Women have been at the centre of these communities practicing and nurturing the Commons. These practices emerge from a tradition of giving and receiving and, in turn, the creation of “abundance”.
Some feminists defend that since women are the birth givers, the status of caregiver is “naturally” given to them. Other feminists, on the contrary, view these assigned roles as socially constructed. The degree of acknowledgement and focus given to women and their contributions to the nurturance of societies has varied across regions and cultures. However, these have increasingly being diminished and subjugated by the capitalistic, patriarchal and hierarchical socio-economic structure of society, characterized by oppressive control over labour and the domination of nature and women’s work.

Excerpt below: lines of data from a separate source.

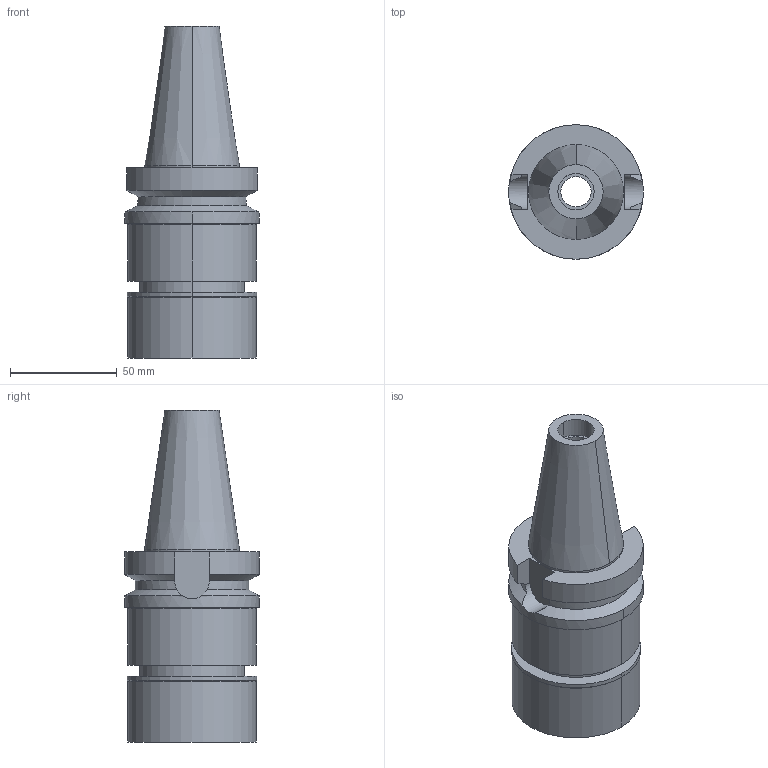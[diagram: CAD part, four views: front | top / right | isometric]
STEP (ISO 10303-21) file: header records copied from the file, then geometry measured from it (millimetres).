
FILE_DESCRIPTION((''),'2;1');
FILE_NAME('BBT40MN25090-254_ASM','2018-05-21T',('ykawabe'),(''),'CREO PARAMETRIC BY PTC INC, 2016380','CREO PARAMETRIC BY PTC INC, 2016380','');
FILE_SCHEMA(('AUTOMOTIVE_DESIGN { 1 0 10303 214 1 1 1 1 }'));
Length unit declared in the file: millimetre
Products named in the file (5): BBT40-MEGA25N-90_1; NBC25-25_4_1; MGN25_1; DXF_TEMP_ASSY_ASM_4_ASM; BBT40MN25090-254_ASM
Assembly tree (4 placements, depth 3):
  BBT40MN25090-254_ASM
    DXF_TEMP_ASSY_ASM_4_ASM
      BBT40-MEGA25N-90_1
      NBC25-25_4_1
      MGN25_1
Bounding box: 63 x 63 x 155.4 mm (x, y, z)
Volume: 239455.2 mm3; surface area: 62753.6 mm2
Topology: 3 solids, 3 shells, 89 faces, 205 edges, 137 vertices
Faces by surface type: cylinder 44, plane 27, cone 18
Entity records: 4085 total; most frequent: CARTESIAN_POINT 536, DIRECTION 530, ORIENTED_EDGE 410, AXIS2_PLACEMENT_3D 228, PRESENTATION_STYLE_ASSIGNMENT 213, STYLED_ITEM 213, CURVE_STYLE 210, EDGE_CURVE 205

Women’s work in the household or on the fields, in the forest, raising animals or foraging for fuel, food, water or grasses is neither considered as “work” in the current dominant paradigm nor is it remunerated or respected. Women's rights to land and livelihoods are always the most insecure. The rampant violence against women across societies is an expression of the domination and control of women’s work and their capacities, as much as of the domination of nature that comes in tandem with technologies for this purpose: mining, logging, trawling, etc. (1)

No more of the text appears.